After the crawling is done, we define a func (checkedgarCrawler for details) to help us record and export the filing info to an excel file, including firm CIK codes, filing date, file name, etc.
In this part, we develop several parser classes to extract specific items from different forms, namely:
- Item1A & Item7 under form 10-K;
- Part1 Item2 & PartII Item1A under form 10-Q, and
- Exhibit 99.1, Item2.02, Item7.01 & Item8.01 under form 8-K.
All 3 parsers utilise a class called matching_strategies to match the start and end for each item. The matching_strategies is incorporated into each parser(parsing8K, parsing10K, and parsing10Q), and the forms saved in local dirs are parsed and the items needed are extracted and exported to txt files. Meanwhile, we add some methods to the parsers to record if the parsing and extraction is successful, as well as some dummies telling whether some words are mentioned in a certain item or not.

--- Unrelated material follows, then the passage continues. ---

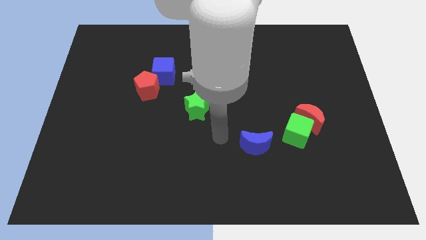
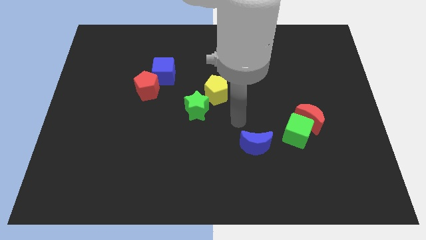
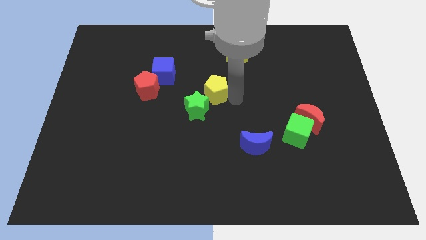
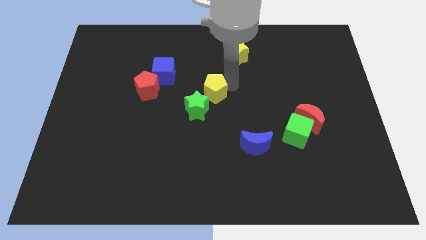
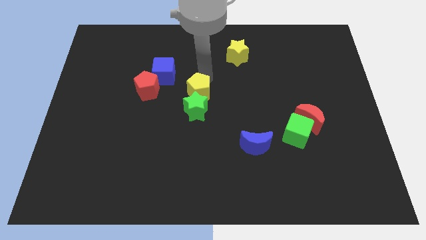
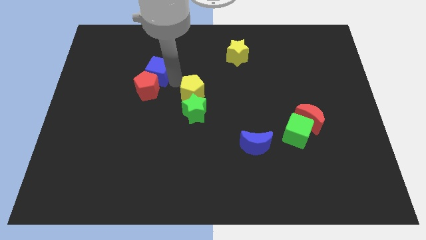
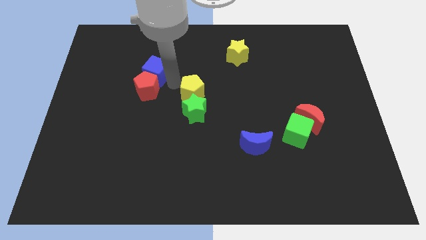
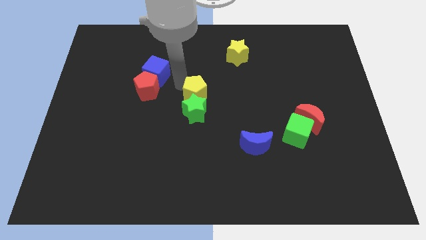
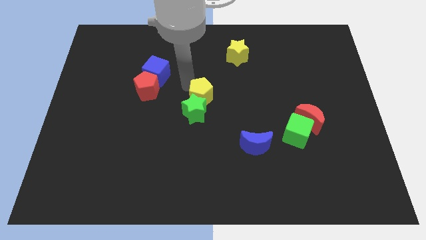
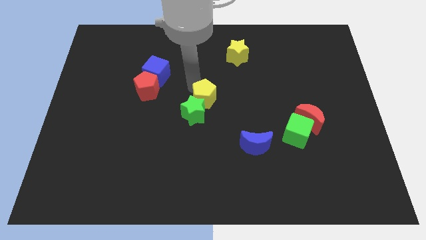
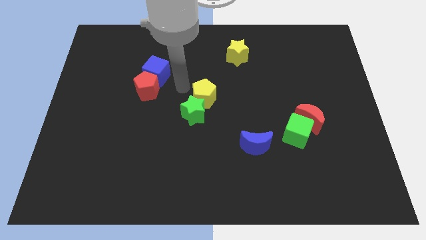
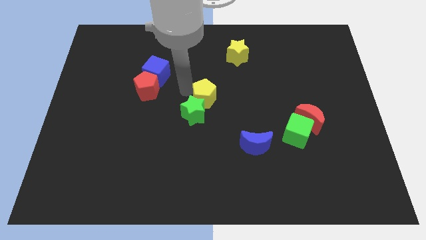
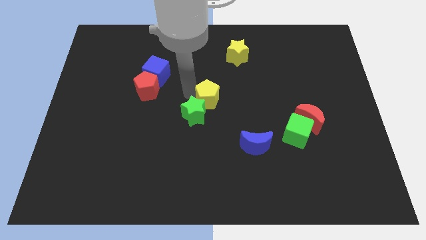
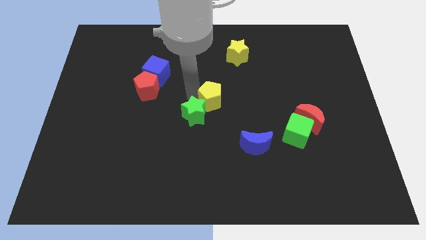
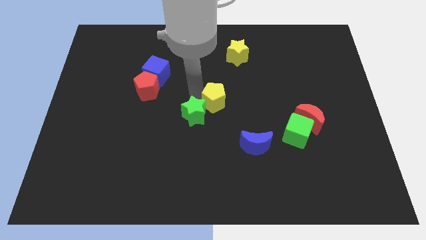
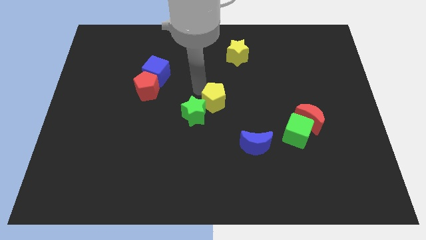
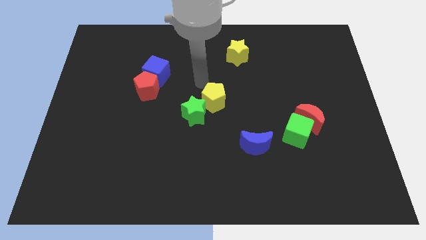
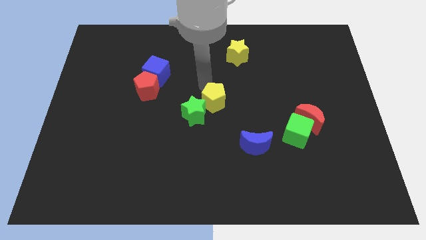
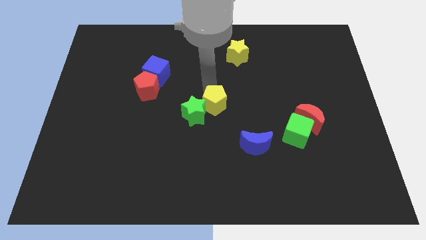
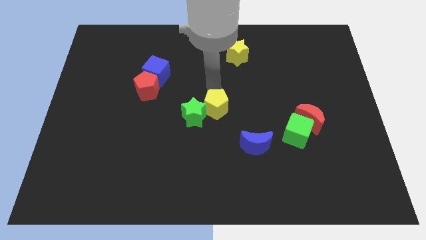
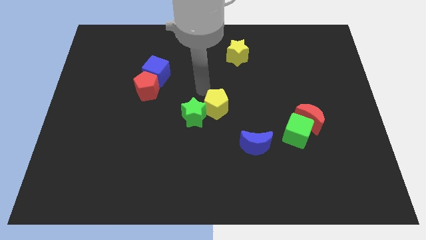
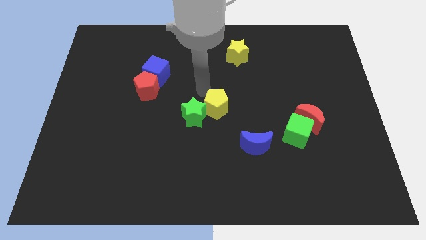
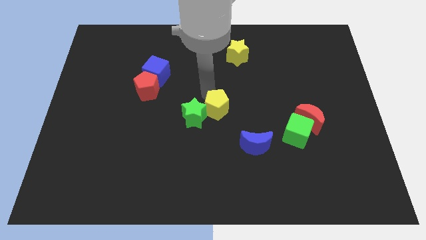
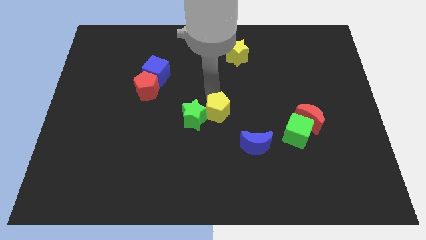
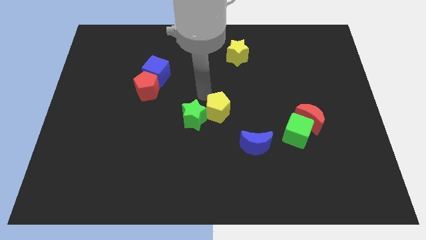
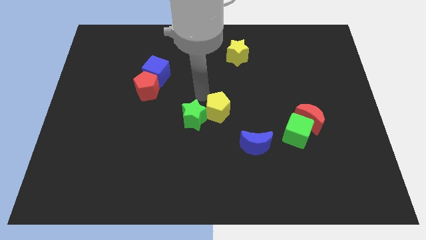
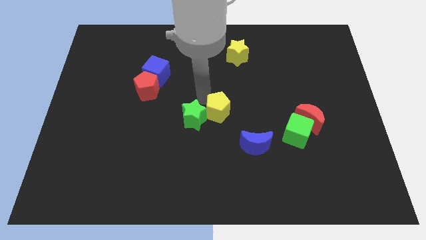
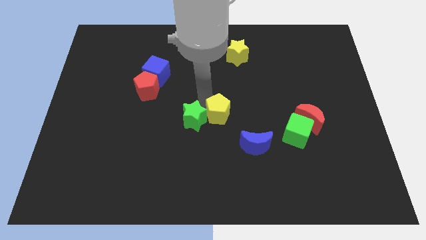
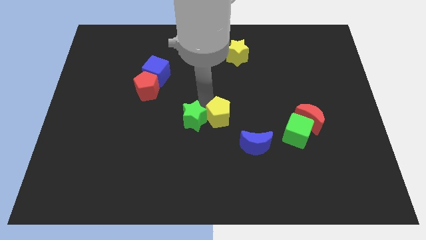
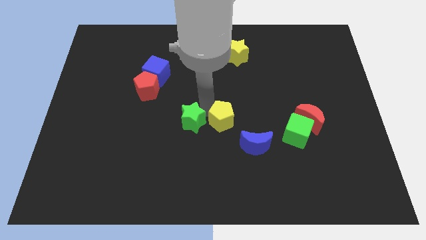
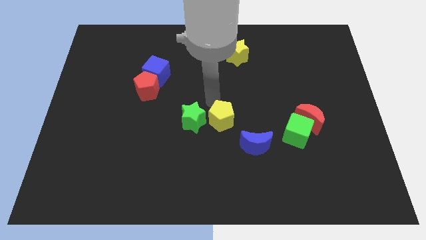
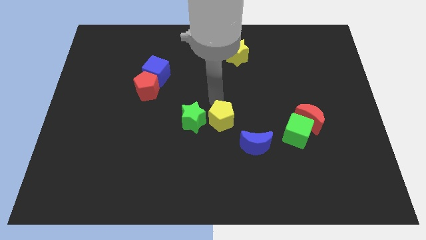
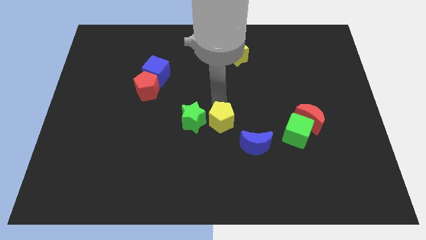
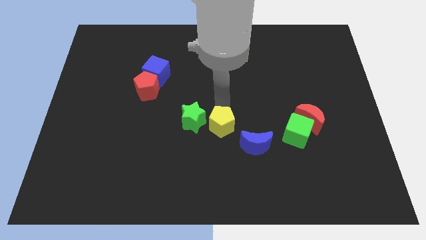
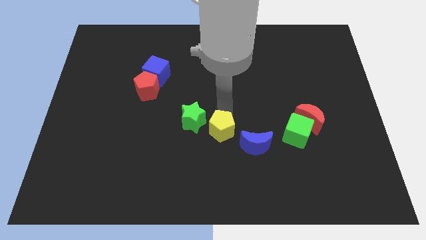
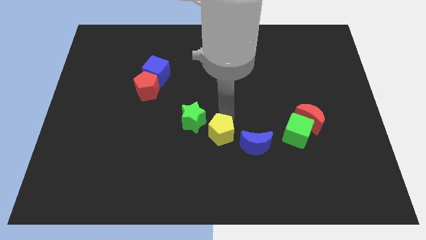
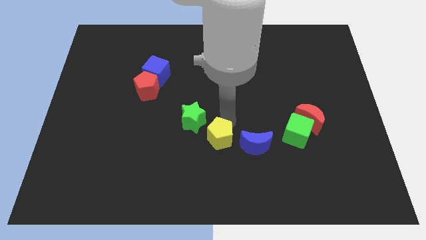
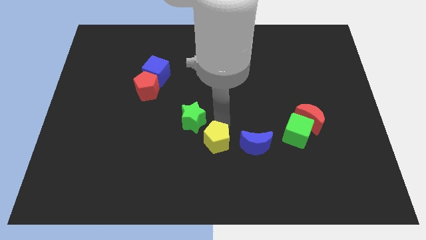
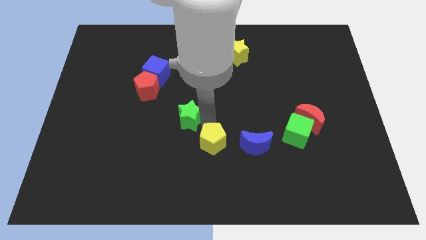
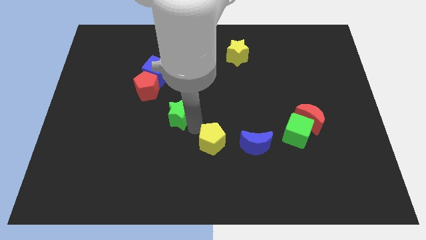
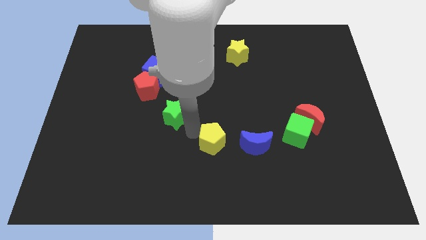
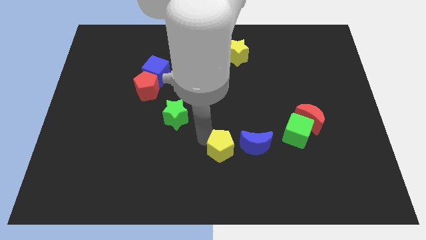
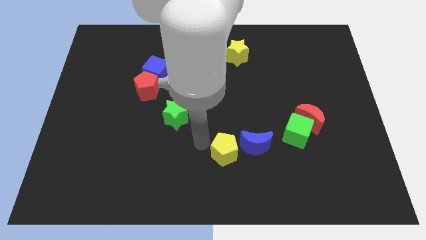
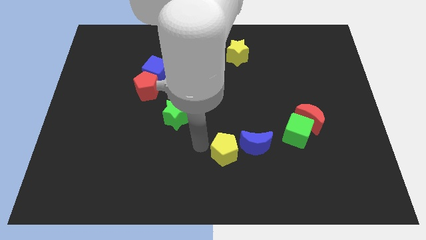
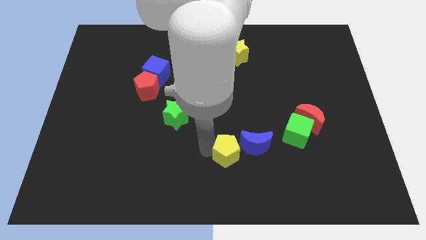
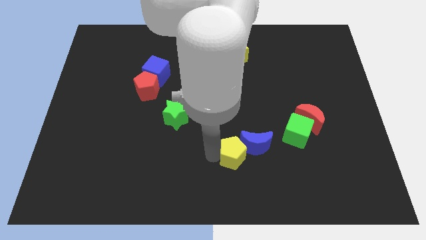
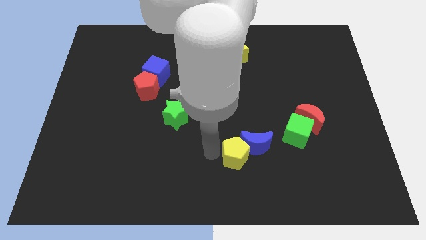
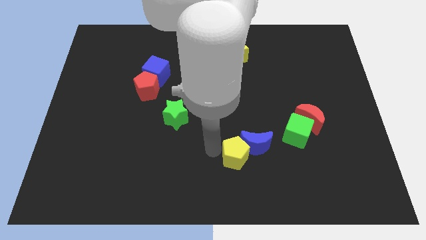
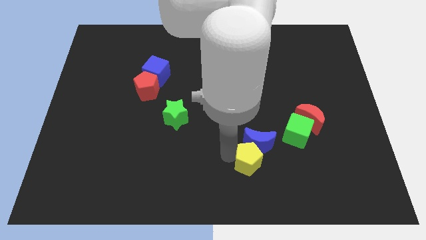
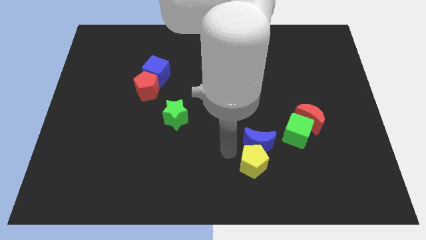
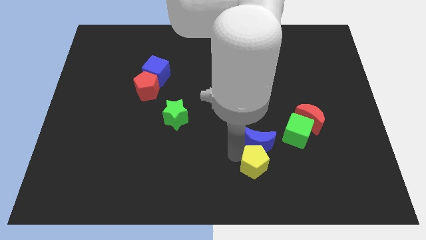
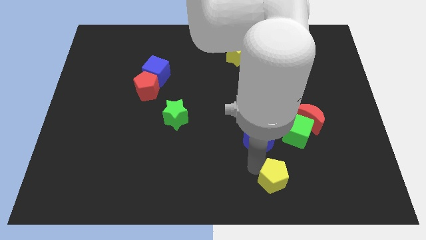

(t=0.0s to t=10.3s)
push the yellow pentagon diagonally downwards and right

Update: A new class EdgarParser that aggregates all three individual parsers is available. Use that instead. A example of how to use the new comprehensive class has been uploaded, too. Check it here.
In trian_phrase2vec we train a phrase2vec model based on the corpus constructed by merging all texts under 10-K Item1A and Item7, where a bigram transformer is adopted to recognise bigram or trigram phrases in the texts. After the training, we use get_similar to expand our dict at hand, trying to find words or/and phrases that involve the conflict between Ukraine and Russia.
In this part, we develop 2 counters to calculate word freqs in the forms we collect. The main logic is isolated to 2 classes called russia_counter and russia_counter_lemma. Both counters are incorporated into russia_counters which makes them easier to call. The procedures of going over all forms and calculating the word/phrase freqs are performed by russia_main. An example has also been uploaded; check here for more info
Note: russia_counter calculates the word freq by exact words, i.e. only counting the word when it is in exactly the the form as in the dict. The russia_counter_lemma, however, counts the word when it has the same lemma as some words in the dict. The logic is almost the same, so you can go over only russia_counter_lemma in detail as it has more comments to help you understand.